Tapering talks intensify

  • Investment grade credit spreads were broadly unchanged while high yield spreads were tighter
  • Government bond yields rose as tapering talks intensified in the US and Europe
  • The risk profile was broadly stable

What’s happening? 

Despite positive corporate results and the US Senate’s approval of a $1trn infrastructure bill, credit spreads were mixed in August.
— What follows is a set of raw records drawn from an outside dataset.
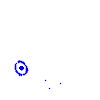
Particle: proton
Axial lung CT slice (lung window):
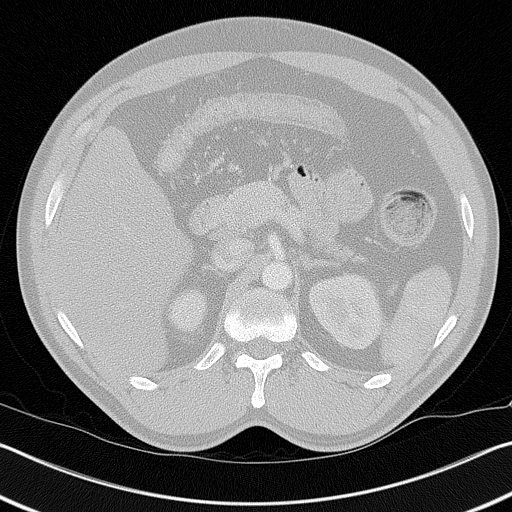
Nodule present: no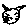
Label: cat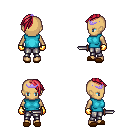
a pixel art fantasy rpg character, female body template, human, tanned skin, teal sleeveless shirt, metal pants, ruby red long mohawk hairstyle, purple tiara, gold gloves, brown slippers, dagger, four views (front, back, left, right), 2x2 character sprite sheet, small pixel art, hard edges, no anti-aliasing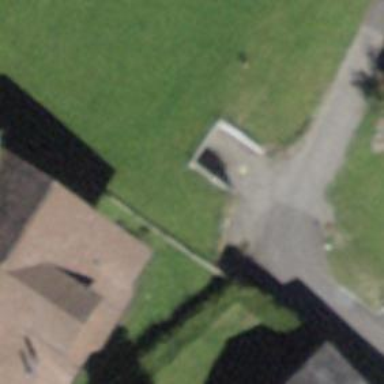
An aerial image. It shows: Group of garages.
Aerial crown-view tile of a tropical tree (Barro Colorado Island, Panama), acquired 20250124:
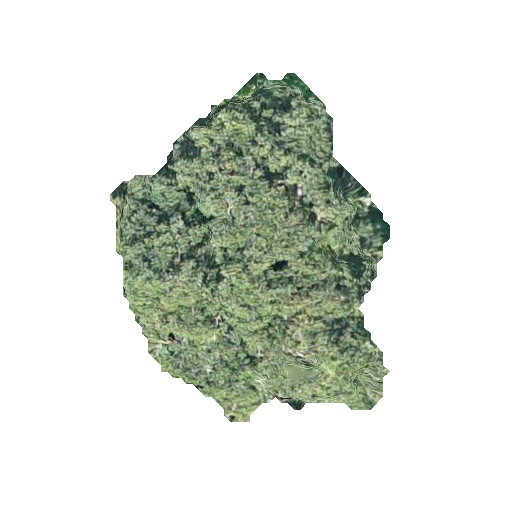
Species: Astronium graveolens
GBIF accepted scientific name: Astronium graveolens
Crown area: 99.633 m²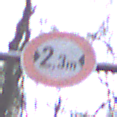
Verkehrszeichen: TatsaechlicheBreite2Komma3
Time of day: MorningAfternoon
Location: Outdoor (Nature)
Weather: Overcast
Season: Autumn
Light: Natural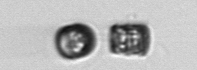
Label: Thalassiosira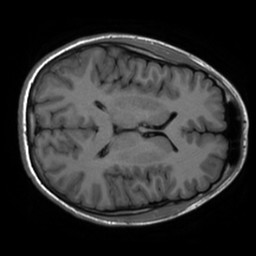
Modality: inplaneT1
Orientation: axial
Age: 20
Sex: male
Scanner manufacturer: ge
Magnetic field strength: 3 T
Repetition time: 2.499 s
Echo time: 0.02513 s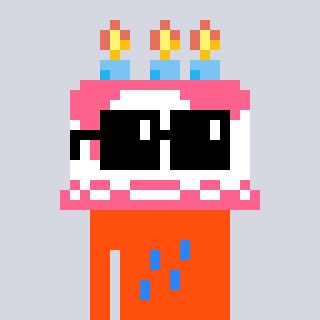
a pixel art character with square black sunglasses, a cake-shaped head and a orange-colored body on a cool background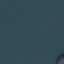
Land use / land cover: SeaLake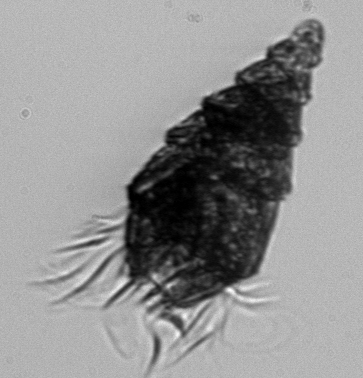
Label: Laboea_strobila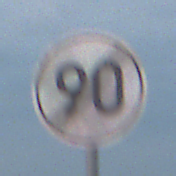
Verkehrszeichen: EndeGeschwindigkeit90
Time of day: SunriseSunset
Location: Outdoor (Nature)
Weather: PartlyCloudy
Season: NotSpecified
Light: Natural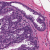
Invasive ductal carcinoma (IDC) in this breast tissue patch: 0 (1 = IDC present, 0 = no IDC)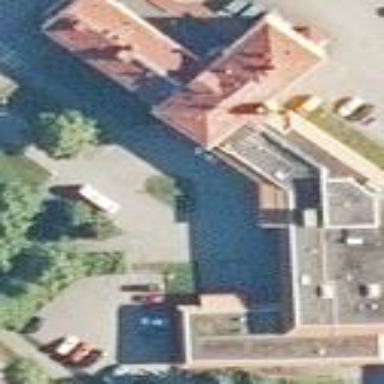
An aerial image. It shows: Hospital building.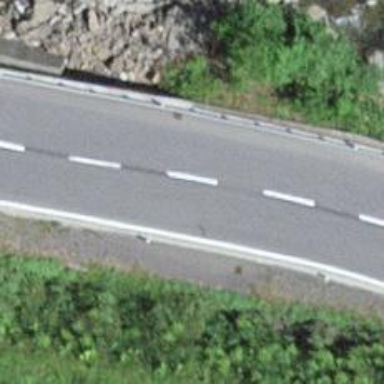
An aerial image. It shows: Asphalt road classified as primary highway.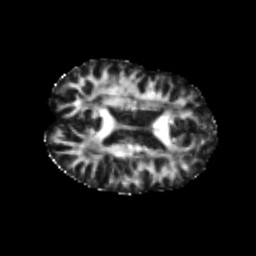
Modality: FA
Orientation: axial
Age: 25
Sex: female
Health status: healthy
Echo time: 0.074 s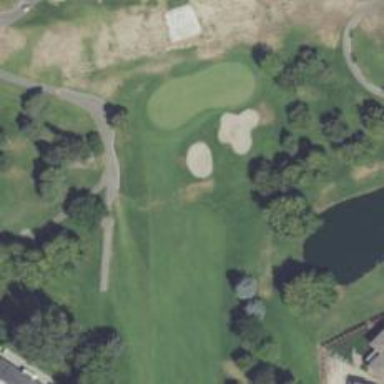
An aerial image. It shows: Golf hole.
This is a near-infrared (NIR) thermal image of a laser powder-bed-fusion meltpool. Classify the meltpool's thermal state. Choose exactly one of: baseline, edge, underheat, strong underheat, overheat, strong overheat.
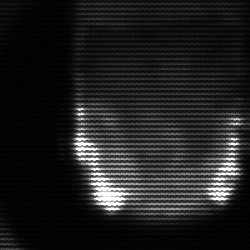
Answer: baseline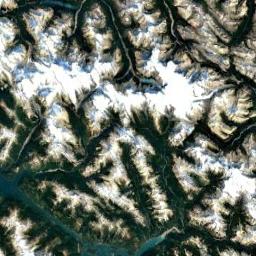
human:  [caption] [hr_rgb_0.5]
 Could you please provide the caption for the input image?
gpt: The snow berg is next to the lake .

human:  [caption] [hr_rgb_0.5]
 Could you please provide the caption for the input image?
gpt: The snowberg is next to lots of fiords .

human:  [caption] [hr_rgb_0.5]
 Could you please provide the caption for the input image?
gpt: There is a lot of snow on the snowberg .

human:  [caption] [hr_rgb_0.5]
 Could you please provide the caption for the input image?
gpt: The white snow on the snow-capped mountains is veined .

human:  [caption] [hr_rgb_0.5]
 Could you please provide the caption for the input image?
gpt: There are some snowbergs and rivers .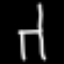
Label: chair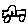
Label: car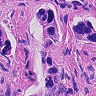
Metastatic tissue present: yes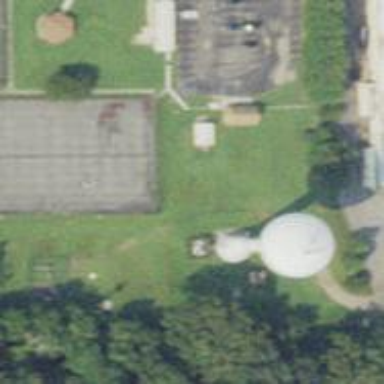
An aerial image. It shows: Water tower that is man-made.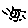
Label: sun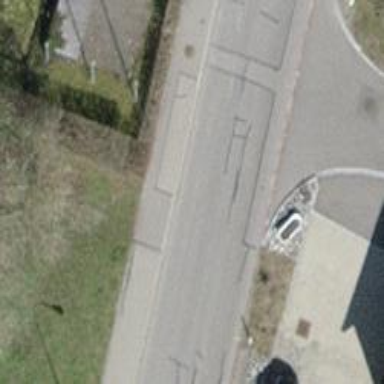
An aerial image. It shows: Post box.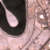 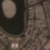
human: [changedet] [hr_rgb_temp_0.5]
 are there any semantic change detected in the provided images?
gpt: The island in the artificial lake increased in size and some new constructions around the lake appear.
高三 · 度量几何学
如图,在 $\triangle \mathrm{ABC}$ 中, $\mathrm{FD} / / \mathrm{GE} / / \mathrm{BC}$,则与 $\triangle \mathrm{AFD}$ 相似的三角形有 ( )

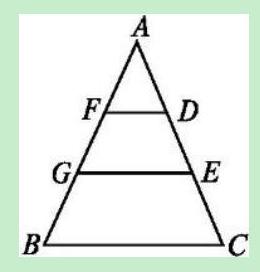
A. 1 个
B. 2 个
C. 3 个
D. 4 个
答案: B
解析: 解答： $\because \mathrm{FD} / / \mathrm{GE} / / \mathrm{BC}, \therefore \triangle \mathrm{AFD} \sim \triangle \mathrm{AGE} \sim \triangle \mathrm{ABC}$,故与 $\triangle \mathrm{AFD}$ 相似的三角形有 2 个.

分析: 本题主要考查了相似三角形的判定及性质, 解决问题的关键是根据相似三角形的判断与性质分析即可.
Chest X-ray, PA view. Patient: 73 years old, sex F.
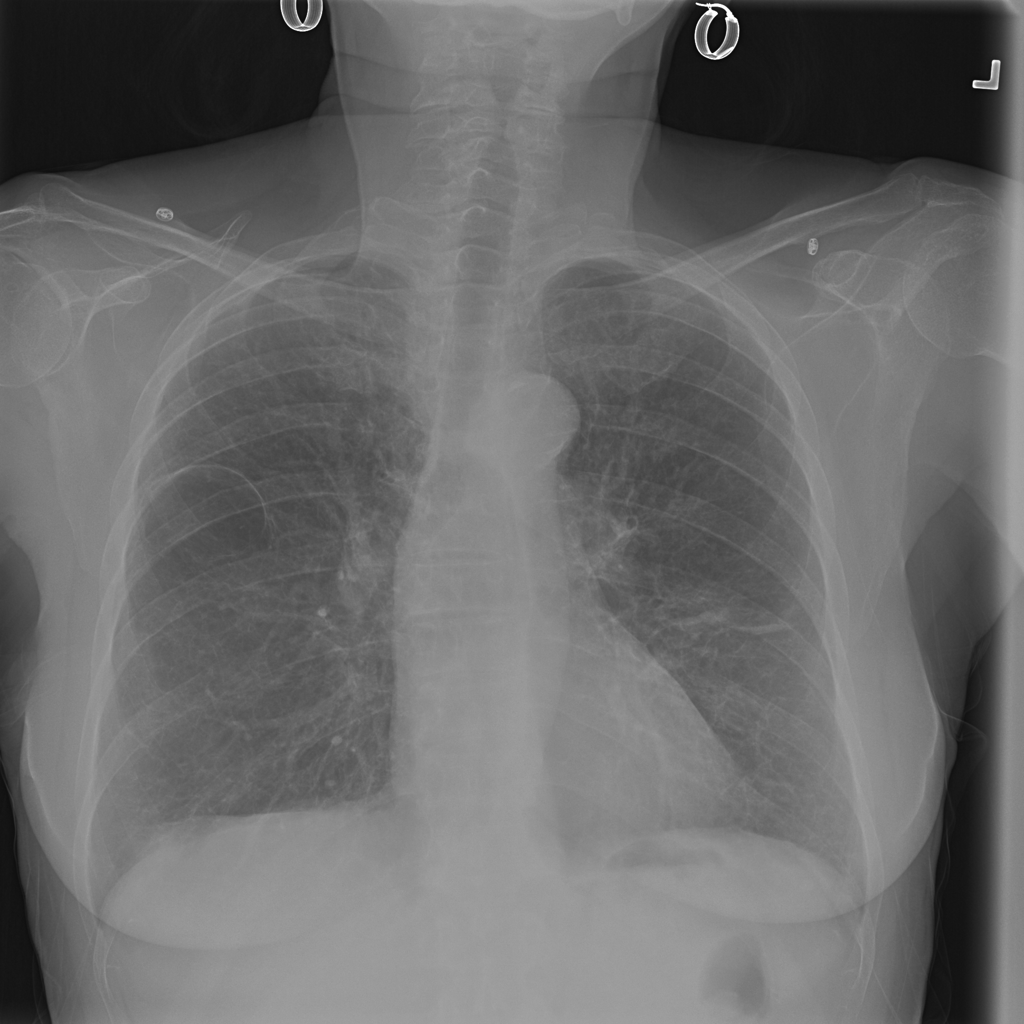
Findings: No Finding

Concerns about the spread of the Delta variant of COVID-19 and signs of slowing economic growth in China continued to unsettle markets, while worries earlier in the month that the US Federal Reserve (Fed) was likely to begin tapering its monthly asset purchases before the end of the year added further pressure.

However, at the Fed’s annual Jackson Hole symposium, Chairman Jerome Powell sought to reassure investors by explaining that interest rate hikes were not imminent, even if tapering was, as there was still ‘much ground to cover’ before the economy hit full employment. Meanwhile, the Bank of England maintained its accommodative stance, although it indicated that it could start raising interest rates sooner than previously expected.

US treasury, German bund and UK gilt yields rose in August as tapering talks intensified in the US and Europe.

Portfolio positioning and performance

Sovereign: While our sovereign exposure remained stable at 28%, we decreased the duration of the portfolio from 1.8 years to 1.5 years as tapering talks intensified in the US and Europe.

Investment Grade: Our exposure to investment grade markets also remained unchanged at 35%. We were still active in the secondary market, adding to banks in US dollars.

High Yield and Emerging Markets: While our exposure to high yield and emerging markets also remained constant at 36%, we sold protection on the Markit iTraxx Xover in order to unwind our position as concerns around the Delta variant and Fed tapering somewhat abated during the month.


As we expect continued monetary and fiscal support over the medium term to ensure a full economic recovery, we believe the last quarter of 2021 will remain all about carry.

However, with valuations remaining very expensive, we plan to retain our barbell strategy by keeping a higher exposure to sovereign bonds and high yield and emerging markets, for defensiveness and carry purposes respectively, while keeping a lower exposure to investment grade markets.

We continue to expect higher yields by the end of the year as successful vaccination programmes in most developed countries should lead to a sustainable reopening of their economies.